Taita's menu reflects Aparacio's lineage: He's a veteran chef of Italian descent who was born in Lima, spent nearly two decades in Japan, and has now lived in Denver for thirteen years. That's why his aji de gallina — a creamed chicken of sorts, with a sweet yellow pepper sauce rather than béchamel — features an unusual but tasty sprinkling of grated Parmesan. It's also why risotto is made with quinoa, why ravioli snuggle in aji amarillo sauce, and why the Japones ceviche soaks up soy. To some, this culinary license might make Taita seem less Peruvian. But "Peruvian cuisine is different than it was forty years ago," says Aparacio, who hasn't lived in Peru for decades but returns at least once a year. "Peruvians don't just use Inca food. We use food from Africa, China, Japan and Italy and put it all together."

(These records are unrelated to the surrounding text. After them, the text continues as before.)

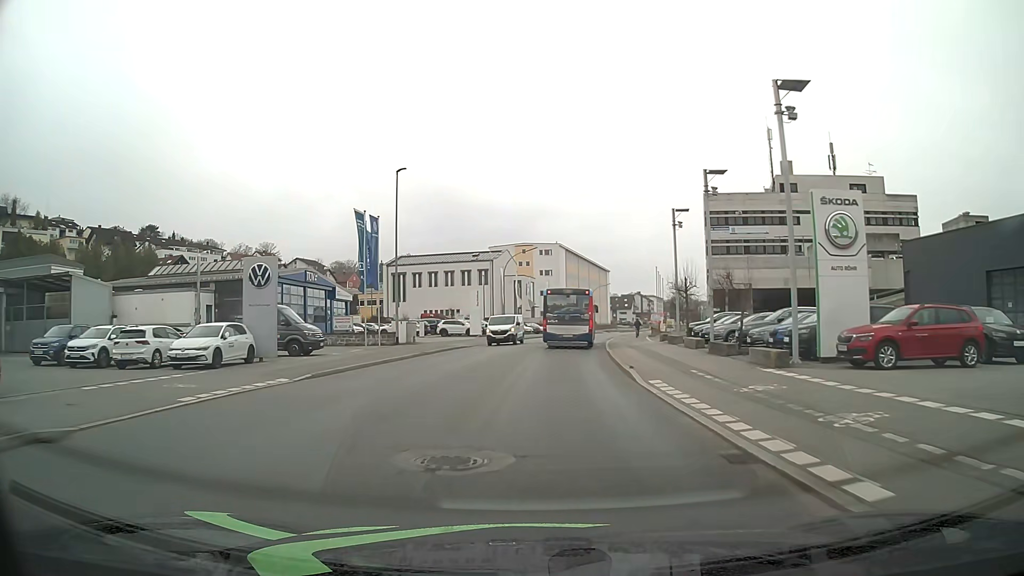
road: tertiary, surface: asphalt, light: Day
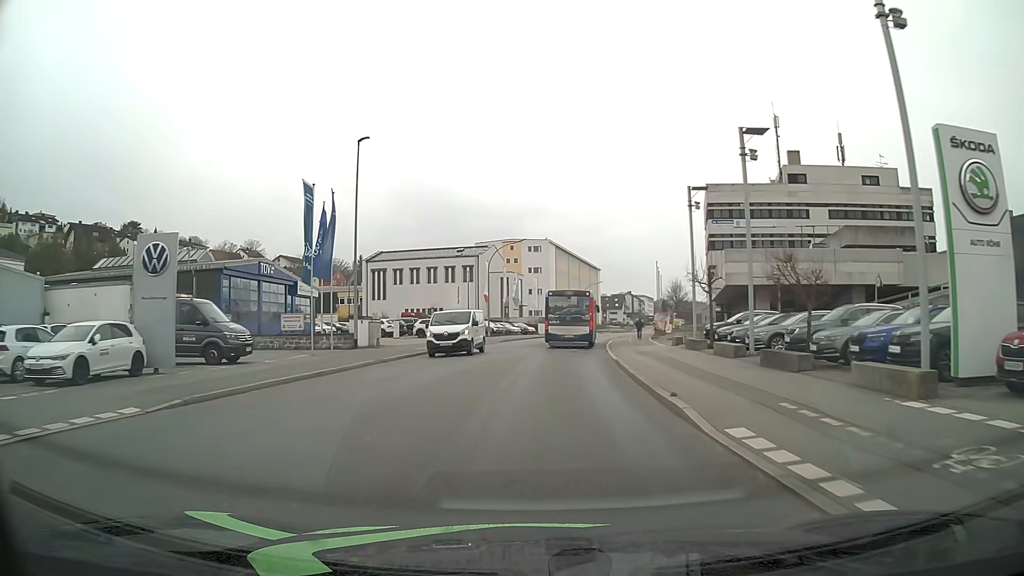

As interesting as this fusion is, I was captivated by traditional dishes long overshadowed stateside by ceviche and pisco sours — dishes such as the chicken-filled tamal criollo, a long rectangle of puréed cooked corn (not masa de harina) steamed in a platter-sized banana leaf, and the sudado de pescado, a necklace of flaky white fish braised in shrimp stock and accented with tomatoes, yellow peppers and onions. And I couldn't resist the papa rellena — similar to shepherd's pie, but with fried mashed potatoes encasing the spiced ground beef — or the causa, another popular potato-based treat. "Summer is not summer in Lima without causa," reads the menu, and I can see why: The cool discs of puréed potatoes topped with avocado and tuna or shrimp must be refreshing on a hot day in the capital.

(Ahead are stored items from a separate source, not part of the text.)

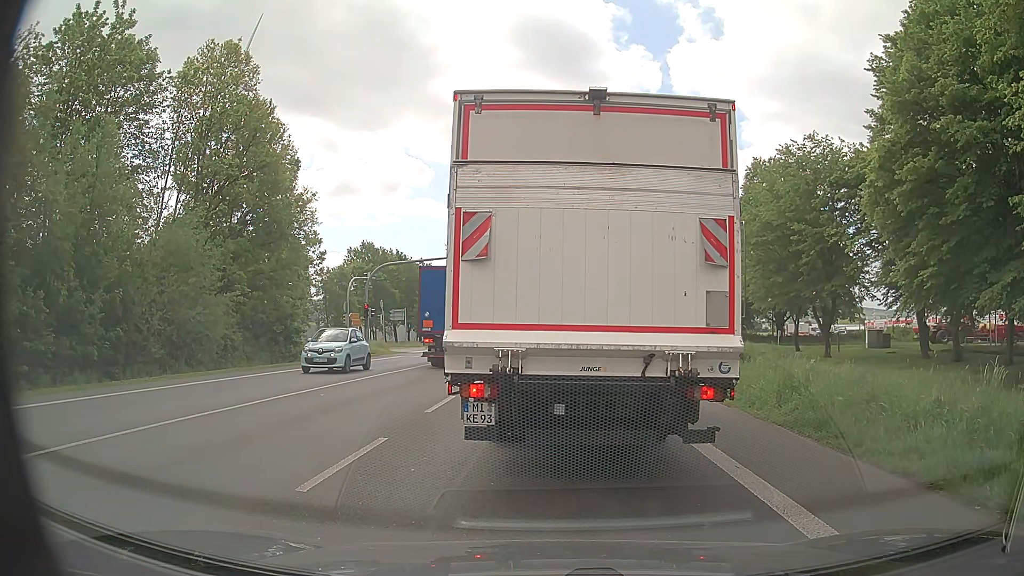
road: primary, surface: asphalt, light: Day
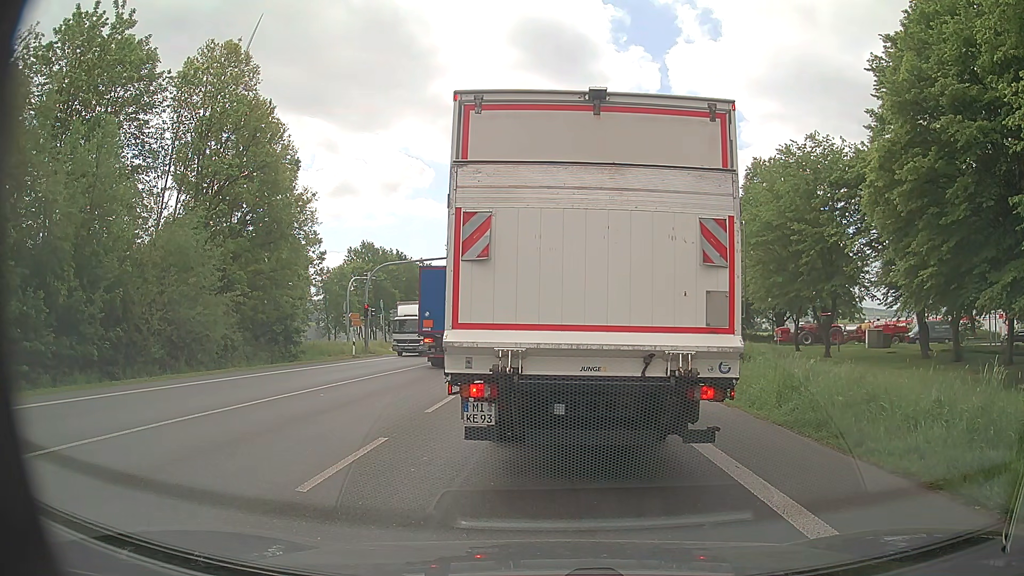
(0.0, 0.0) m; 0°
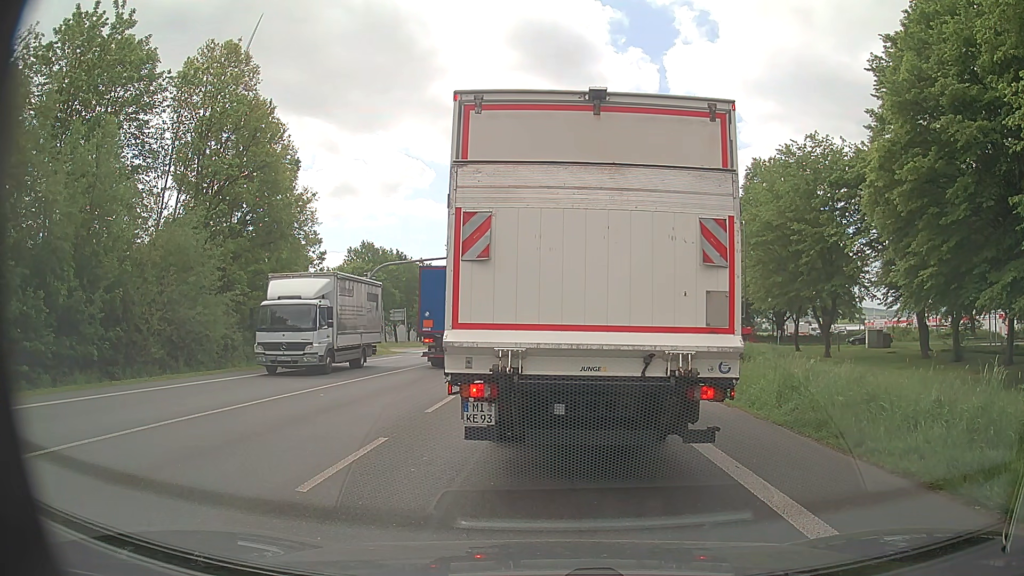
(0.0, 0.0) m; 0°
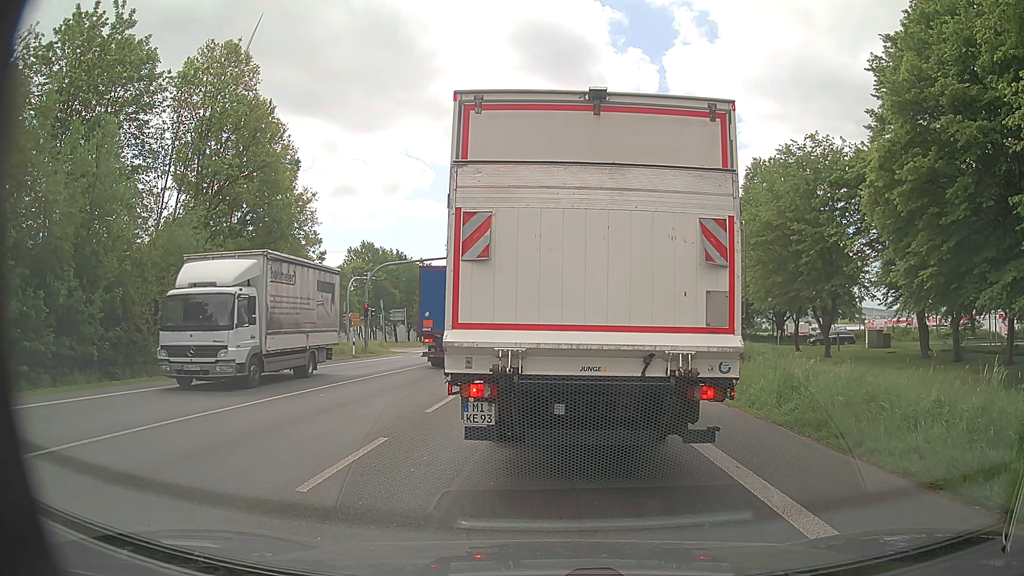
(0.0, 0.0) m; 0°
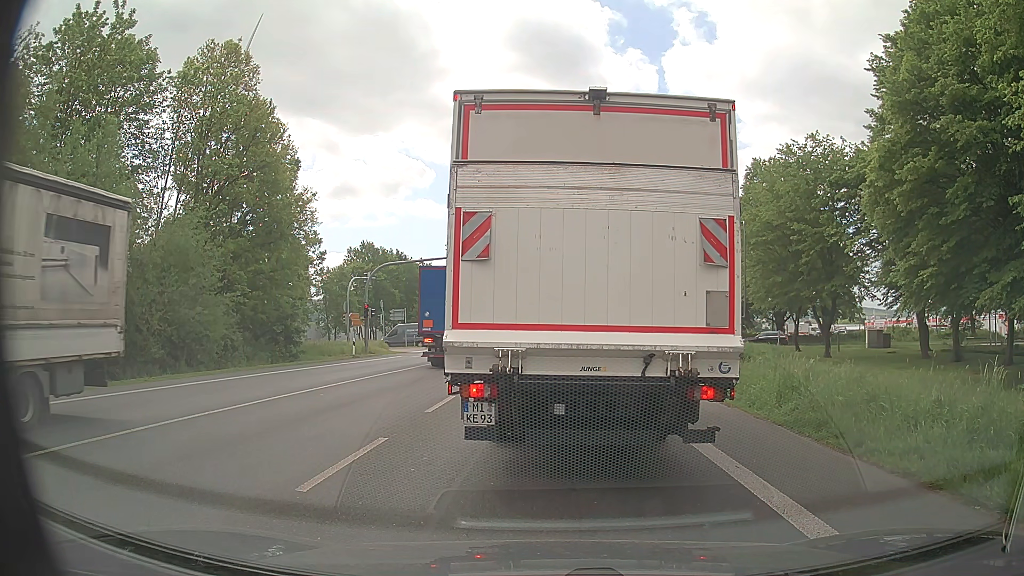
(0.0, 0.0) m; 0°
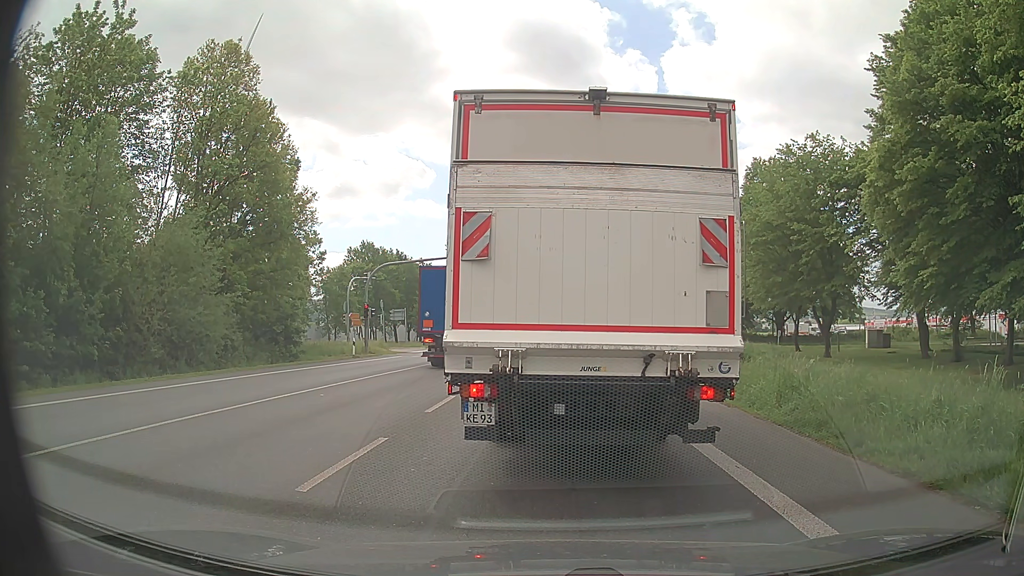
(0.0, 0.0) m; 0°
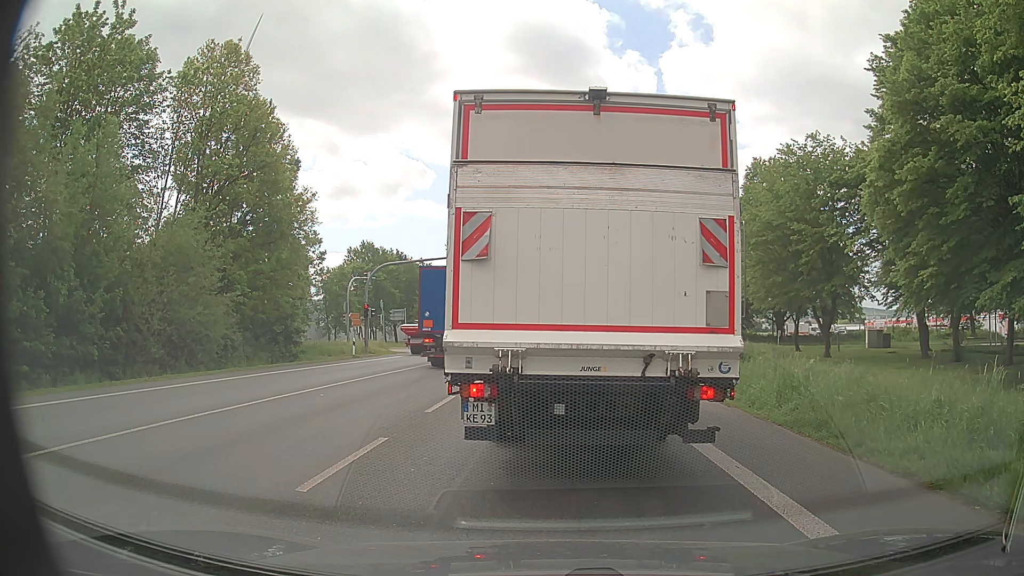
(0.0, 0.0) m; 0°
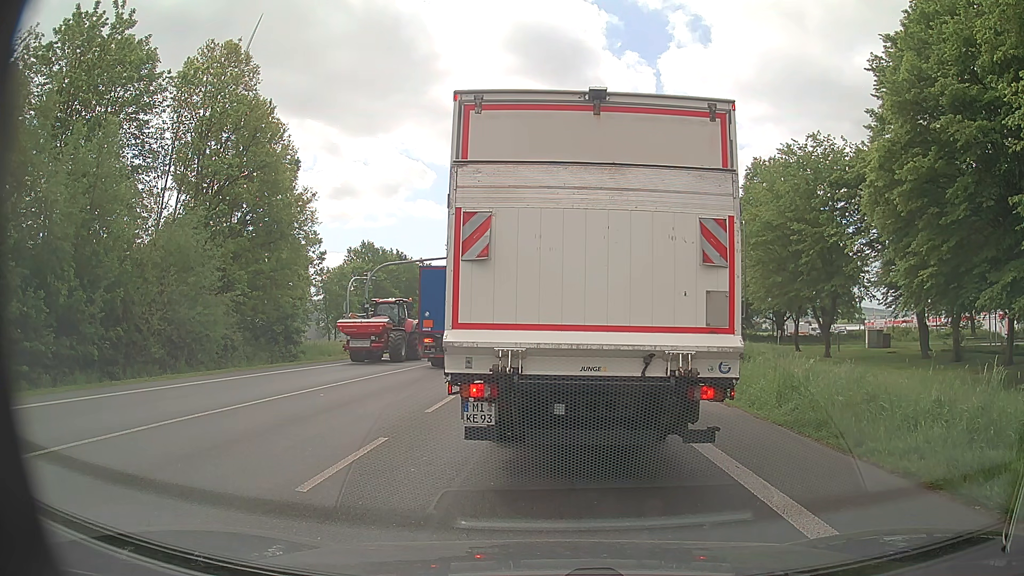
(0.0, 0.0) m; 0°
(0, +10) (0, +20) (+1, +30) (+1, +40) (+2, +50) (+2, +60) (+3, +70) (+4, +80) (+4, +90) (+5, +100) m

Unfortunately, the lengthy menu doesn't do as good a job of describing the solterito arequipeno, and neither do servers, whose allegiance lies with the fried mashed potatoes and marinated fish. The refreshing salad, with cubes of queso fresco, fava beans and corn in a bright lime dressing, is a staple at bachelor parties in Peru, and who can resist something with such happy associations? Taken together, these lesser-known dishes tell stories more colorful than any travel guide. And isn't traveling, either by armchair or restaurant chair or airplane, the best way to ensure that we don't insult others by oversimplifying their food to burgers and bad cheese?